A 26-story indoor pig farm is now operating in the Hubei province of China. The facility is being labeled an environmentally friendlier approach to meat production. However, experts have warned of increased zoonotic disease risk, alongside ethical concerns.
The facility is the largest of its kind in the world. It is said to have capacity to slaughter up to 1.2 million pigs per year. It has been built to address China’s growing demand for pork, which remains the most popular meat in the country.
Farming in the building began in October, when almost 4,000 female pigs were brought in. When fully operational, the facility — plus a near-identical second building sat behind it — will be able to house 650,000 animals combined.
From cement to pigs
The company behind the farm – Hubei Zhongxin Kaiwei Modern Farming – is new to the pig sector. It was previously invested in China’s cement industry until construction and cement saw a downturn in profitability. Subsequently, it looked to animal agriculture for new revenue and used its own materials to construct the mega farm.
The structure is highly automated and being touted as an environmentally friendly endeavor. The factory will process and reuse pigs’ waste to make biogas, a mixture of gases that can act as a renewable energy source, thus powering the farm itself. It has also been claimed that the skyscraper-style farm model is more land-efficient and bio-secure.
The latter is a matter of urgency for China. The country saw millions of pigs culled as a result of the 2018 African swine fever outbreak. This plunged the country into a food security crisis that has left it grappling to recover its domestic pork production ever since. However, experts have commented that less meat is the key to building a sustainable future, not intensifying its manufacture.
“This is worrying news from China,” Nick Palmer, head of Compassion in World Farming UK told Plant Based News.

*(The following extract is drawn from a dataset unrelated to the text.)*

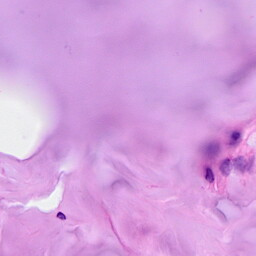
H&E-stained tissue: Breast
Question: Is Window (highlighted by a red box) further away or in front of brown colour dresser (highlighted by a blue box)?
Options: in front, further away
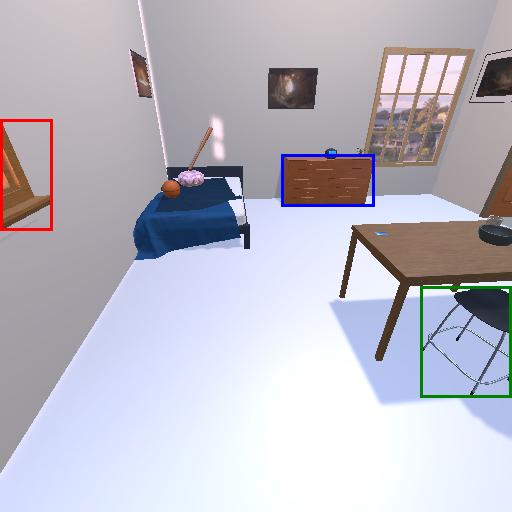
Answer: in front

“Rather than developing new ways to produce more animal products to satisfy ever-growing demand, we all need to be consuming less but better meat, fish, and dairy. In a world of growing climate, nature collapse, and pandemic emergencies, we should be working to end factory farming, not designing and building even more intensive mega farms.”
China’s pig farm raises disease concerns
Despite China’s Ministry of Agriculture and Rural Affairs signing off on high-rise pig facilities, environmental experts have questioned the move.
Some have acknowledged that closed buildings could limit interactions between wild and farmed animals. However, they also hypothesize that should an infection find its way into a high-rise plant, it would spread without prejudice.
Dirk Pfeiffer, chair professor of One Health at City University of Hong Kong, spoke to the Guardian about the matter. “The higher density of animals, the higher risk of infectious pathogen spread and amplification, as well as potential for mutation,” Pfeiffer said.
“The probably even more important question will be whether this type of production is consistent with the need to move towards reduced meat consumption, considering the apparently unstoppable threat of devastating climate change.”